I use a batch size of 4. Does anyone have an idea of the cause and how to solve it?

Could you check which line of code raises the error and post the shapes of all used tensors, please?

The error is at:

seq = sequence[:, head * self.d_heads: (head + 1) * self.d_heads]

The images are(76, 116, 50, 50), the labels are (76,). During the training loop the images and the labels become (4, 116, 50, 50) and (4,) respectively, while y_predicted is (4, 4). k, q, v and seq are (2501,2), sequence is (2501,4).
As loss I used CELoss so I transformed the labels this way:

labelSet = torch.from_numpy(labels['a']).squeeze().long() - 2  # from (2,3,4,5) to (0,1,2,3)

Also, I noticed that when I use for example 8 images the error appears, while with 12 images it works.
To solve I used:

sequence = sequence.reshape(-1, 4)

But then I get RuntimeError: CUDA out of memory

Thanks for the posting the line of code. Based on the error message it seems sequence contains a single dimension for unknown reasons during the training.
Also, this sounds a bit weird:

as it seems you are changing the batch size from 76 to 4 at one point.

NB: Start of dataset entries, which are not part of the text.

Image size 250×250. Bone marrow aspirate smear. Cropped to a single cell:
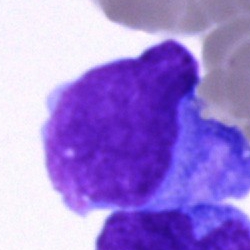 Cell: blast cell.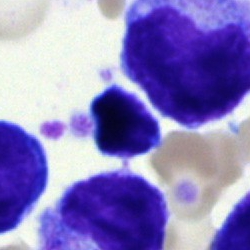
Impression → typical lymphocyte.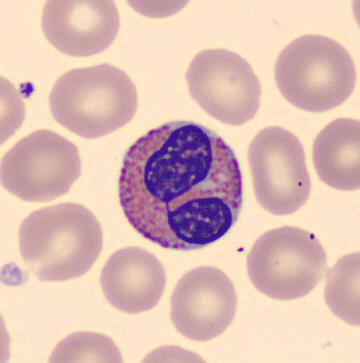
Specimen: peripheral blood smear.
Morphological class: eosinophil.
Single-cell crop.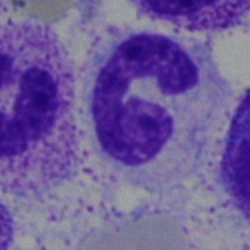 Q: What cell is this?
A: This is a segmented neutrophil.
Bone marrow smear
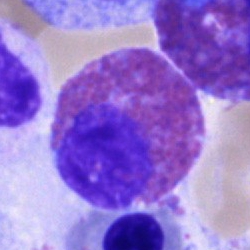
Q: What is shown here?
A: This is an eosinophilic granulocyte.
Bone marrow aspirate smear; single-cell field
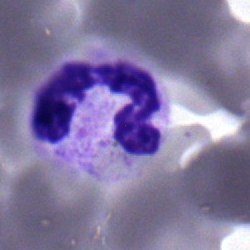

{"cell_type": "segmented neutrophil"}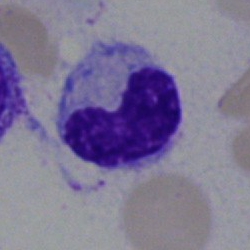

Morphological class: stab cell.
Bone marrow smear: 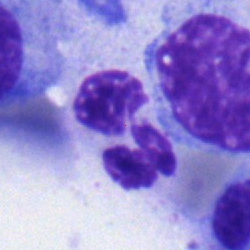Cell: segmented neutrophil.
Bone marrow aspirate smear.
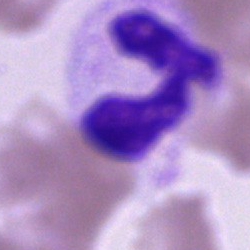
Q: Which cell type is shown here?
A: A segmented neutrophil.
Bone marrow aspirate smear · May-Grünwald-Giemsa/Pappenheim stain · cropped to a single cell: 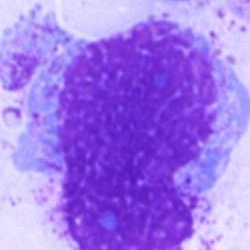 Q: What is shown here?
A: This is an artifact.
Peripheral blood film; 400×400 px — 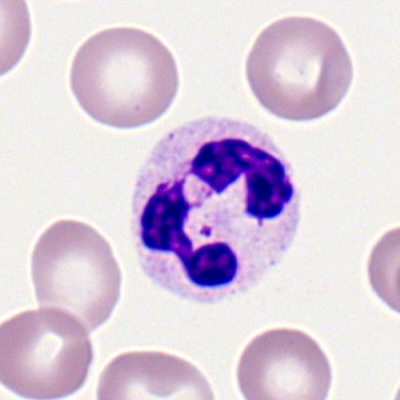Q: What cell is this?
A: Polymorphonuclear neutrophil.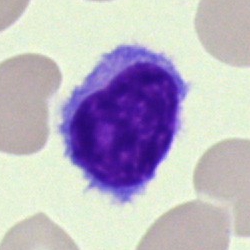

Bone marrow aspirate smear, single cell — typical lymphocyte.
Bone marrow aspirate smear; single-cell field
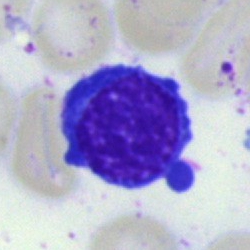

Morphology → erythroblast.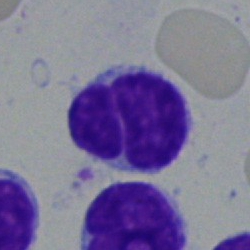 The classification is typical lymphocyte.
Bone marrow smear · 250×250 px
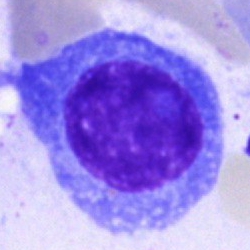
Classification — plasma cell.
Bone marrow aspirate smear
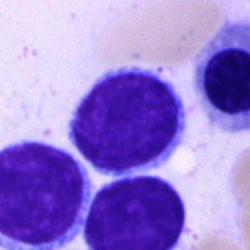
Specimen: bone marrow smear.
Classification: lymphocyte.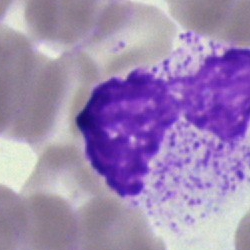

An artifact on a bone marrow smear.
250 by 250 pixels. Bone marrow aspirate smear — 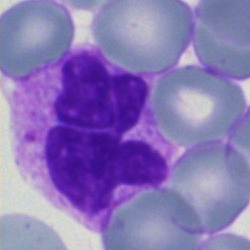Q: Which cell type is shown here?
A: It is a neutrophil (segmented).
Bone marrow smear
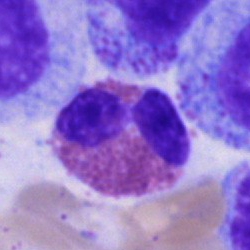Cell type = eosinophil.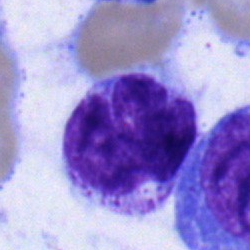 {"cell_type": "monocyte", "lineage": "myeloid"}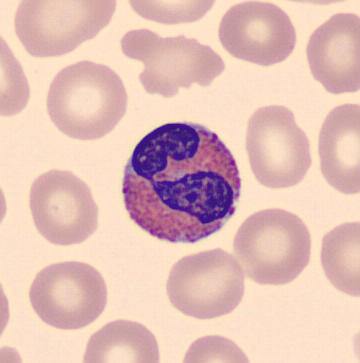

Eosinophil.
Preparation: Peripheral blood smear.
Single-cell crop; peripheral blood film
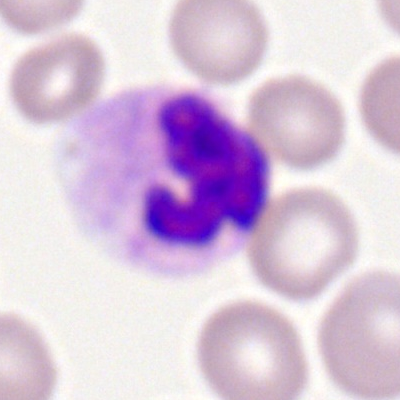 Morphology consistent with a neutrophil (segmented).

Could you explain if this is expected and how to interpret the change in the number of samples in the batch?

Thanks to you! Actually, the images and the labels are 76 during the data loading (entire dataset), then I used torch.utils.data.DataLoader with a batch_size of 4 so during the training it takes 4 images at a time. I think it sholud be ok. An other thing is that I used 3 convolutional layers in the model to reduce the number of channels from 116 to 10.

Ah OK, yes the batch size is expected to be smaller and I misunderstood the post thinking 76 would already be the entire batch size.
Could you print the shape of sequence during the training and see how it changes?

Yes, effectively sequence changes from (2501, 4) to (4,) during the training. I don’t understand the reason.

Based on your code you are passing sequences to your model’s forward method and are then iterating this object so check where sequences comes from and how its shape is defined.

Actually, I made a really stupid error by setting the training size not multiple of the batch_size. You helped me to arrive to the critical problem so thank you very much!

1 Like